Relato
El Salado

Puedo asegurar que quien se acerque a la Laguna Indio Muerto sentirá un escalofrío. Incluso desde la bajada, después de doblar a la derecha.
La laguna está en el kilómetro 170 de la ruta 205, apenas antes del peaje que hoy abre paso al partido de Saladillo.
Se cree que allí, en algún momento hubo un indio muerto. Pero lo cierto es que, en 1825, fueron muchos los nativos que bajaban por el Río Salado. Para el que no conoce la zona, puede decirse que, más o menos a la altura del actual partido de Roque Pérez, a 150 kilómetros de Capital Federal, los indios bebían el agua de ese afluente. Tentados por su fresco aspecto, se metían con taparrabo y todo, sin sospechar que la corriente venía envenenada por el enemigo.
El Salado siempre ha sido protagonista de leyendas misteriosas. Esas de creer o reventar. Yo prefiero decirle más bien testigo. ¿Quién más testigo que el río de las cosas que pasan?
El tóxico tenía un efecto tardío y le permitía a la tribu aguantar en pie aproximadamente 178 leguas: tras nueve horas de continuar al suroeste hacia el próximo alivio de agua pura, los indios caían sorpresiva y prolijamente rendidos, muertos, en las cercanías de la laguna.
Se dice que ni uno de ellos quedó vivo para contarlo. Pero yo conozco a Daniel. Daniel es hijo de su padre, que es hijo de su padre. Es decir, es nieto de su abuelo. Su abuelo, al mismo tiempo es nieto de su abuelo, que es hijo de Talú Luhet (el chozno-abuelo de Daniel), un indio de los Pampas Ranqueles. Daniel es bien morocho, tiene el pelo negro como la noche en luna nueva, y los ojos igual. Daniel entiende quechua y sabe mucho del viento, de las huellas, de las aves y de los sonidos del suelo si te paras en el medio del monte y te quedás quieto y mudo.
Sabe que, si las huellas están apenas evidentes en la superficie de la calle de tierra, es porque el espécimen en cuestión pasó por ahí probablemente asustado, corriendo. Sabe la edad de un pájaro sólo con ver en detalle las plumas de su cuello, o el desgaste del pico; y sabe de qué especie se trata no bien escucha su canto. Cada mayo se va para Corrientes a participar de la Feria de Aves en Pellegrini – ahí nomás pegadito a los Esteros del Iberá– y después vuelve más sabio que antes, o al menos más confiado.
Daniel sabe mucho, pero casi nadie le cree. Ni el cuento de los indios y la laguna, ni el de su “bisa” salvando de la inundación con una sola balsa hecha a mano a los pibes de la escuela de Salvador María aquel año de desborde. Tampoco le creen haber comprobado con su propio oído derecho, que la laguna de Lobos está conectada con el Salado, bajo tierra y por un hilo de agua.
Yo en el fondo lo respeto y siempre le creí, pero así somos los humanos, fanfarrones de la razón. Le discutí incansablemente hasta que me invitó a dar una vuelta por Indio Muerto, una tarde de esas de mil grados de fines de enero.
Y yo no sé si fue el calor, el miedo que en el fondo siempre se tiene, o los detalles inéditos que me contó Dani en el camino sobre la historia del río envenenado y las miles de hojas hervidas de veratrum usadas para lograrlo; pero viendo sin ver, sentí por un segundo un temblor fugaz, la presencia de un malón que aparecía y se desvanecía casi al mismo tiempo.

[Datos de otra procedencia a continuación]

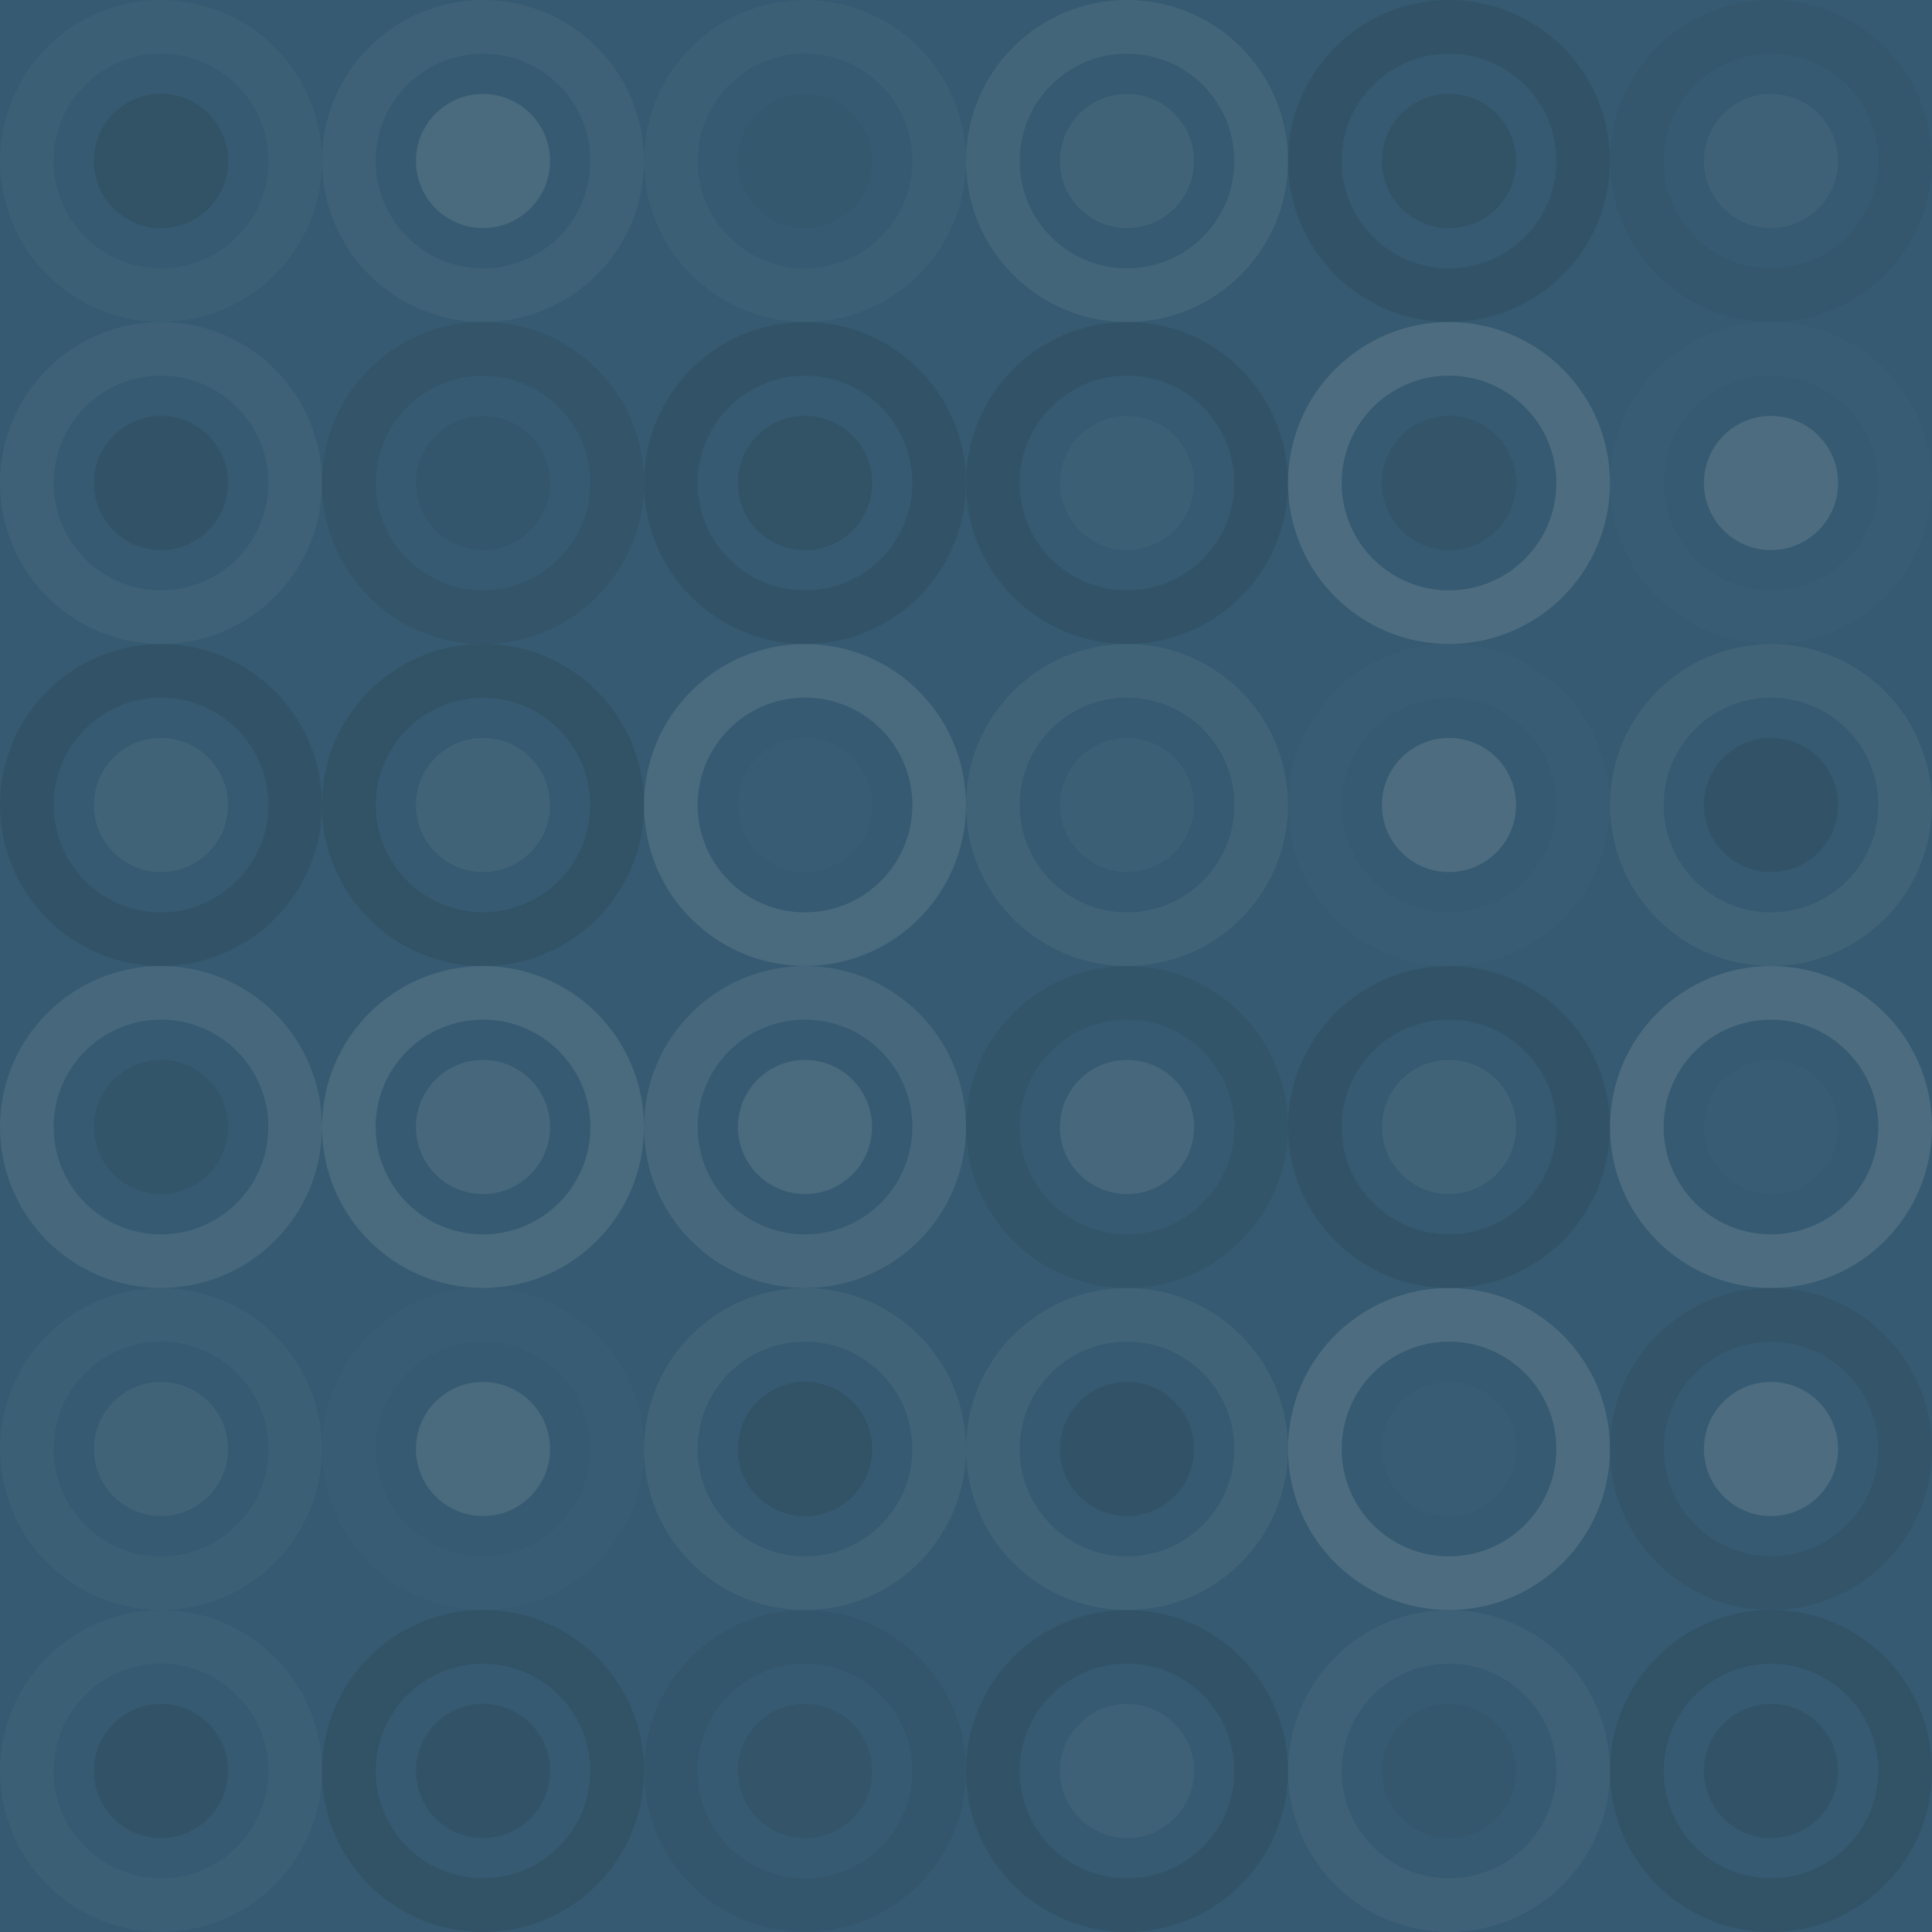 <svg xmlns="http://www.w3.org/2000/svg" width="120" height="120" viewbox="0 0 120 120" preserveAspectRatio="none"><rect x="0" y="0" width="100%" height="100%" fill="rgb(53, 90, 113)" /><circle cx="10" cy="10" r="8.333" fill="none" stroke="#ddd" style="opacity:0.037;stroke-width:3.333px;" /><circle cx="10" cy="10" r="4.167" fill="#222" fill-opacity="0.15" /><circle cx="30" cy="10" r="8.333" fill="none" stroke="#ddd" style="opacity:0.055;stroke-width:3.333px;" /><circle cx="30" cy="10" r="4.167" fill="#ddd" fill-opacity="0.124" /><circle cx="50" cy="10" r="8.333" fill="none" stroke="#ddd" style="opacity:0.037;stroke-width:3.333px;" /><circle cx="50" cy="10" r="4.167" fill="#222" fill-opacity="0.029" /><circle cx="70" cy="10" r="8.333" fill="none" stroke="#ddd" style="opacity:0.089;stroke-width:3.333px;" /><circle cx="70" cy="10" r="4.167" fill="#ddd" fill-opacity="0.072" /><circle cx="90" cy="10" r="8.333" fill="none" stroke="#222" style="opacity:0.115;stroke-width:3.333px;" /><circle cx="90" cy="10" r="4.167" fill="#222" fill-opacity="0.133" /><circle cx="110" cy="10" r="8.333" fill="none" stroke="#222" style="opacity:0.046;stroke-width:3.333px;" /><circle cx="110" cy="10" r="4.167" fill="#ddd" fill-opacity="0.055" /><circle cx="10" cy="30" r="8.333" fill="none" stroke="#ddd" style="opacity:0.055;stroke-width:3.333px;" /><circle cx="10" cy="30" r="4.167" fill="#222" fill-opacity="0.115" /><circle cx="30" cy="30" r="8.333" fill="none" stroke="#222" style="opacity:0.098;stroke-width:3.333px;" /><circle cx="30" cy="30" r="4.167" fill="#222" fill-opacity="0.063" /><circle cx="50" cy="30" r="8.333" fill="none" stroke="#222" style="opacity:0.115;stroke-width:3.333px;" /><circle cx="50" cy="30" r="4.167" fill="#222" fill-opacity="0.133" /><circle cx="70" cy="30" r="8.333" fill="none" stroke="#222" style="opacity:0.115;stroke-width:3.333px;" /><circle cx="70" cy="30" r="4.167" fill="#ddd" fill-opacity="0.037" /><circle cx="90" cy="30" r="8.333" fill="none" stroke="#ddd" style="opacity:0.141;stroke-width:3.333px;" /><circle cx="90" cy="30" r="4.167" fill="#222" fill-opacity="0.098" /><circle cx="110" cy="30" r="8.333" fill="none" stroke="#ddd" style="opacity:0.02;stroke-width:3.333px;" /><circle cx="110" cy="30" r="4.167" fill="#ddd" fill-opacity="0.141" /><circle cx="10" cy="50" r="8.333" fill="none" stroke="#222" style="opacity:0.115;stroke-width:3.333px;" /><circle cx="10" cy="50" r="4.167" fill="#ddd" fill-opacity="0.072" /><circle cx="30" cy="50" r="8.333" fill="none" stroke="#222" style="opacity:0.15;stroke-width:3.333px;" /><circle cx="30" cy="50" r="4.167" fill="#ddd" fill-opacity="0.072" /><circle cx="50" cy="50" r="8.333" fill="none" stroke="#ddd" style="opacity:0.124;stroke-width:3.333px;" /><circle cx="50" cy="50" r="4.167" fill="#ddd" fill-opacity="0.02" /><circle cx="70" cy="50" r="8.333" fill="none" stroke="#ddd" style="opacity:0.072;stroke-width:3.333px;" /><circle cx="70" cy="50" r="4.167" fill="#ddd" fill-opacity="0.037" /><circle cx="90" cy="50" r="8.333" fill="none" stroke="#ddd" style="opacity:0.02;stroke-width:3.333px;" /><circle cx="90" cy="50" r="4.167" fill="#ddd" fill-opacity="0.141" /><circle cx="110" cy="50" r="8.333" fill="none" stroke="#ddd" style="opacity:0.072;stroke-width:3.333px;" /><circle cx="110" cy="50" r="4.167" fill="#222" fill-opacity="0.115" /><circle cx="10" cy="70" r="8.333" fill="none" stroke="#ddd" style="opacity:0.107;stroke-width:3.333px;" /><circle cx="10" cy="70" r="4.167" fill="#222" fill-opacity="0.081" /><circle cx="30" cy="70" r="8.333" fill="none" stroke="#ddd" style="opacity:0.124;stroke-width:3.333px;" /><circle cx="30" cy="70" r="4.167" fill="#ddd" fill-opacity="0.107" /><circle cx="50" cy="70" r="8.333" fill="none" stroke="#ddd" style="opacity:0.107;stroke-width:3.333px;" /><circle cx="50" cy="70" r="4.167" fill="#ddd" fill-opacity="0.124" /><circle cx="70" cy="70" r="8.333" fill="none" stroke="#222" style="opacity:0.081;stroke-width:3.333px;" /><circle cx="70" cy="70" r="4.167" fill="#ddd" fill-opacity="0.107" /><circle cx="90" cy="70" r="8.333" fill="none" stroke="#222" style="opacity:0.115;stroke-width:3.333px;" /><circle cx="90" cy="70" r="4.167" fill="#ddd" fill-opacity="0.072" /><circle cx="110" cy="70" r="8.333" fill="none" stroke="#ddd" style="opacity:0.141;stroke-width:3.333px;" /><circle cx="110" cy="70" r="4.167" fill="#ddd" fill-opacity="0.02" /><circle cx="10" cy="90" r="8.333" fill="none" stroke="#ddd" style="opacity:0.037;stroke-width:3.333px;" /><circle cx="10" cy="90" r="4.167" fill="#ddd" fill-opacity="0.072" /><circle cx="30" cy="90" r="8.333" fill="none" stroke="#ddd" style="opacity:0.02;stroke-width:3.333px;" /><circle cx="30" cy="90" r="4.167" fill="#ddd" fill-opacity="0.124" /><circle cx="50" cy="90" r="8.333" fill="none" stroke="#ddd" style="opacity:0.072;stroke-width:3.333px;" /><circle cx="50" cy="90" r="4.167" fill="#222" fill-opacity="0.15" /><circle cx="70" cy="90" r="8.333" fill="none" stroke="#ddd" style="opacity:0.072;stroke-width:3.333px;" /><circle cx="70" cy="90" r="4.167" fill="#222" fill-opacity="0.115" /><circle cx="90" cy="90" r="8.333" fill="none" stroke="#ddd" style="opacity:0.141;stroke-width:3.333px;" /><circle cx="90" cy="90" r="4.167" fill="#ddd" fill-opacity="0.02" /><circle cx="110" cy="90" r="8.333" fill="none" stroke="#222" style="opacity:0.098;stroke-width:3.333px;" /><circle cx="110" cy="90" r="4.167" fill="#ddd" fill-opacity="0.141" /><circle cx="10" cy="110" r="8.333" fill="none" stroke="#ddd" style="opacity:0.037;stroke-width:3.333px;" /><circle cx="10" cy="110" r="4.167" fill="#222" fill-opacity="0.115" /><circle cx="30" cy="110" r="8.333" fill="none" stroke="#222" style="opacity:0.133;stroke-width:3.333px;" /><circle cx="30" cy="110" r="4.167" fill="#222" fill-opacity="0.115" /><circle cx="50" cy="110" r="8.333" fill="none" stroke="#222" style="opacity:0.063;stroke-width:3.333px;" /><circle cx="50" cy="110" r="4.167" fill="#222" fill-opacity="0.098" /><circle cx="70" cy="110" r="8.333" fill="none" stroke="#222" style="opacity:0.115;stroke-width:3.333px;" /><circle cx="70" cy="110" r="4.167" fill="#ddd" fill-opacity="0.055" /><circle cx="90" cy="110" r="8.333" fill="none" stroke="#ddd" style="opacity:0.055;stroke-width:3.333px;" /><circle cx="90" cy="110" r="4.167" fill="#222" fill-opacity="0.046" /><circle cx="110" cy="110" r="8.333" fill="none" stroke="#222" style="opacity:0.133;stroke-width:3.333px;" /><circle cx="110" cy="110" r="4.167" fill="#222" fill-opacity="0.115" /></svg>

Daniel gritaba como un loco y saltaba feliz en la caja de la Ford 100: “¡¿Viste, Viste?! ¡Te dije, yo te dije!”, mientras yo miraba fijo el borde del agua con la boca abierta como caja registradora.
Se dice que ni uno de ellos quedó vivo para contarlo. Se dice que hay que ver para creer. Se dice que siempre se quiere más, y yo hubiese pagado por presenciar, aunque sea cinco minutos de espectáculo. Pero con mis ojos como jueces digo: quien se acerque a Indio Muerto, y tenga un notorio poder de la observación, podrá ver en la costa, las figuras de los indios.